Here, I can see the fine-tuned version of distilbert-base-uncased has an accuracy of 92.94% on the test set.

#### 3. Wrongly classified samples

I will select 2 samples which have been wrongly classified in the test set.

In [61]:
result_imdb_test = preds != predictions.label_ids

In [63]:
wrong_imdb_test = np.where(result_imdb_test == True)
wrong_imdb_test

(array([   21,    30,    53, ..., 24976, 24995, 24998]),)

In [66]:
type(wrong_imdb_test[0])

numpy.ndarray

I will randomly select 2 samples and make sure that will be the same by using `seed`.

In [75]:
np.random.seed(42)
two_wrongly_index = np.random.choice(wrong_imdb_test[0], 2)
two_wrongly_index

array([16121, 20899])

In [77]:
two_wrongly_index[0]

16121

In [83]:
index = int(two_wrongly_index[0])
tokenized_datasets["test"][index]['text']

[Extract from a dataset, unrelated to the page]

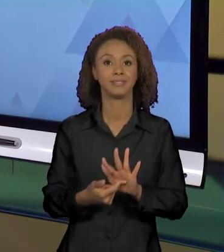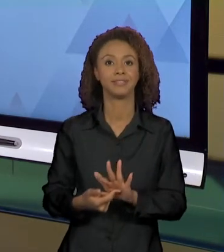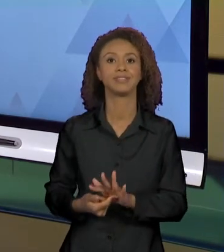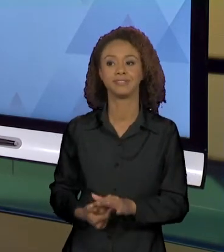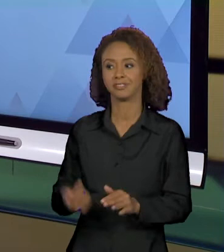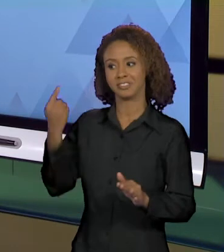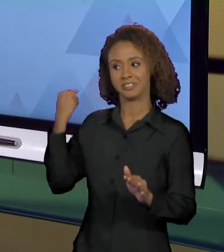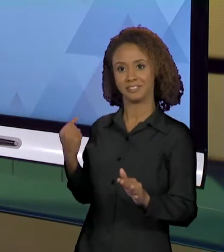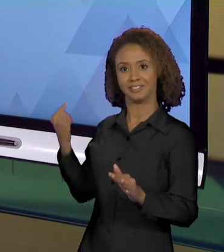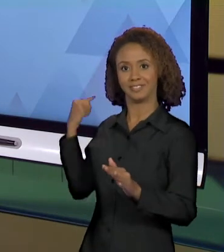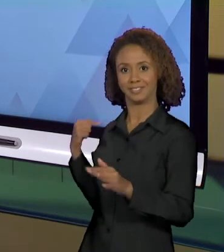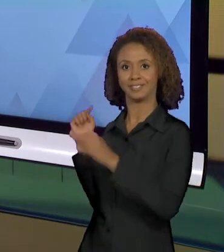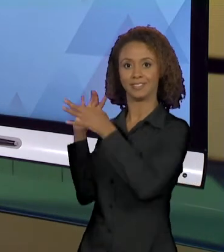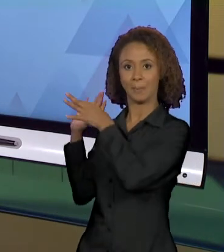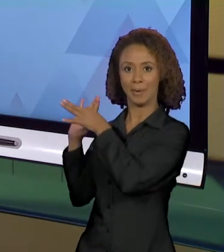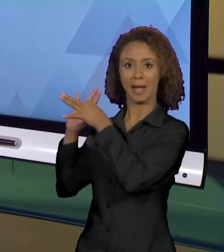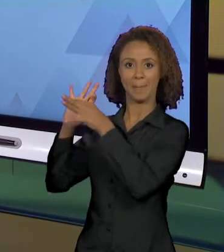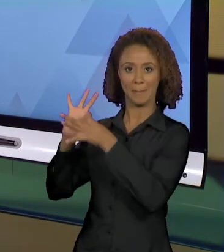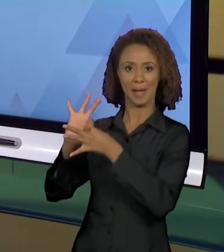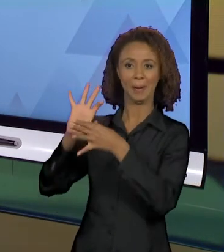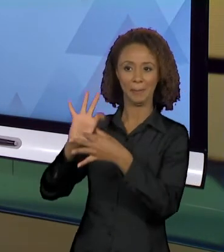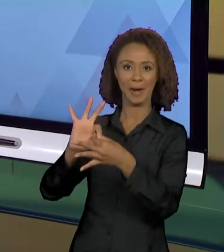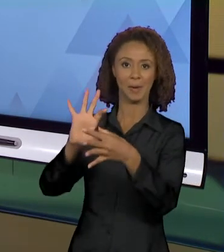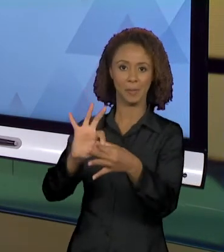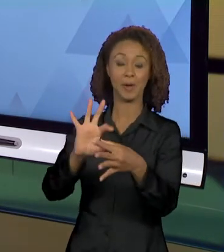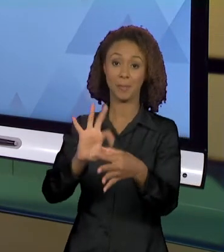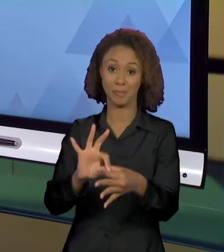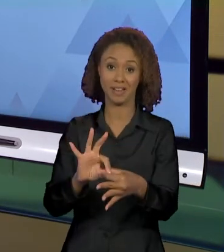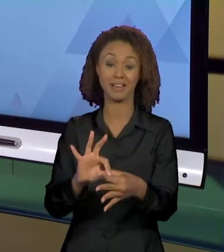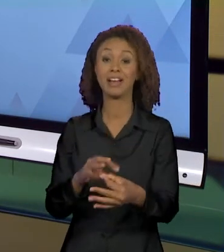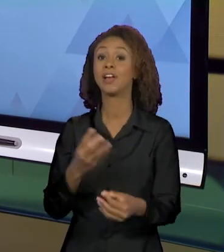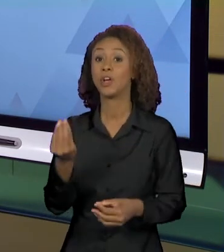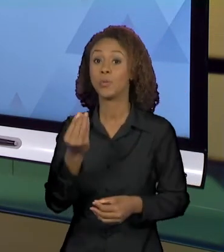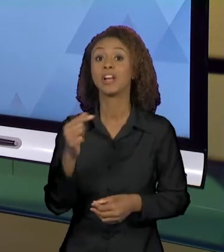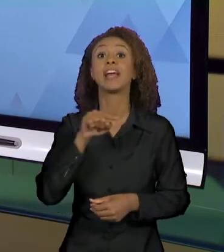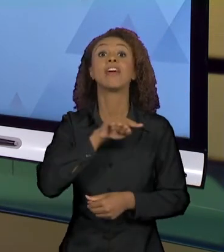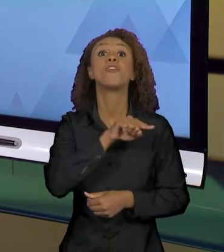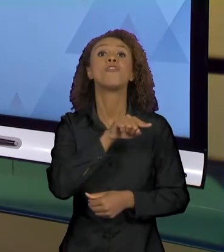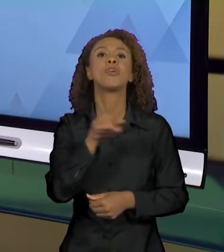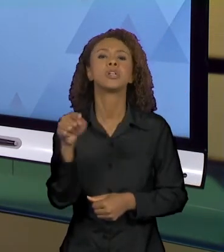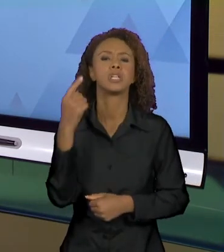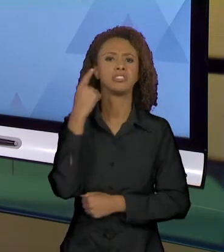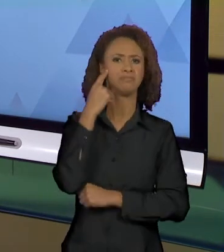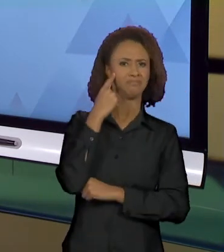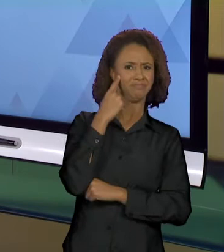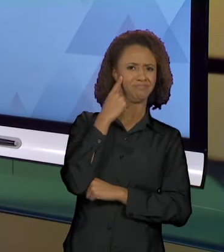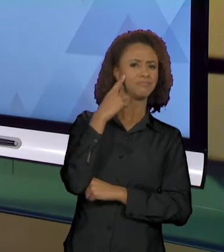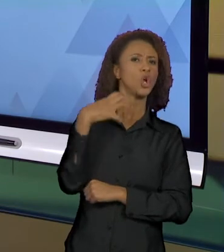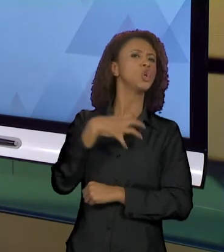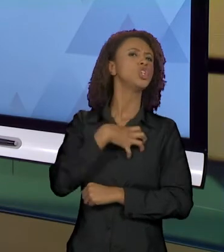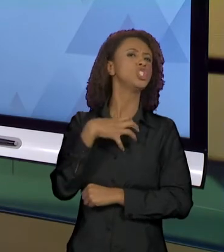VIMOS NA AULA ANTERIOR PRA QUE VOCÊS DUVIDEM DESSA TRANSPARÊNCIA DA LINGUAGEM, PARA QUE VOCÊS

'I have read the other user comments and I am happy someone has compared it to the original by Kamal called Perumarzhakalam released in 2004.<br /><br />The original had a tight story and no loopholes as described above about the Indian Govt not having proper records, or even bad shoots and bloopers.<br /><br />The story is great and a touchy one and well described by others. But sadly Nagesh taking credit for it as his own story is a sad thing and amounts to nothing other than plagiarism.<br /><br />I guess he has been affected by Bollywood\'s so called "inspired" syndrome.<br /><br />He must at least give credit where it is due.<br /><br />I liked some of his older movies, but now I suspect if any of them were originals after all.<br /><br />Here is a link in IMDb for the original masterpiece. http://www.imdb.com/title/tt0425350/#comment I recommend everyone to see the original, even with subtitles if needed, to know what class direction and class acting is all about.'

In [84]:
index = int(two_wrongly_index[1])
tokenized_datasets["test"][index]['text']

"A twist of fate puts a black man at the head of an old-school, white-bred advertising firm. And he intends to make a few changes...<br /><br />One very strange piece of cinema. You'll either love it or hate it. Either way, you've never seen anything like it."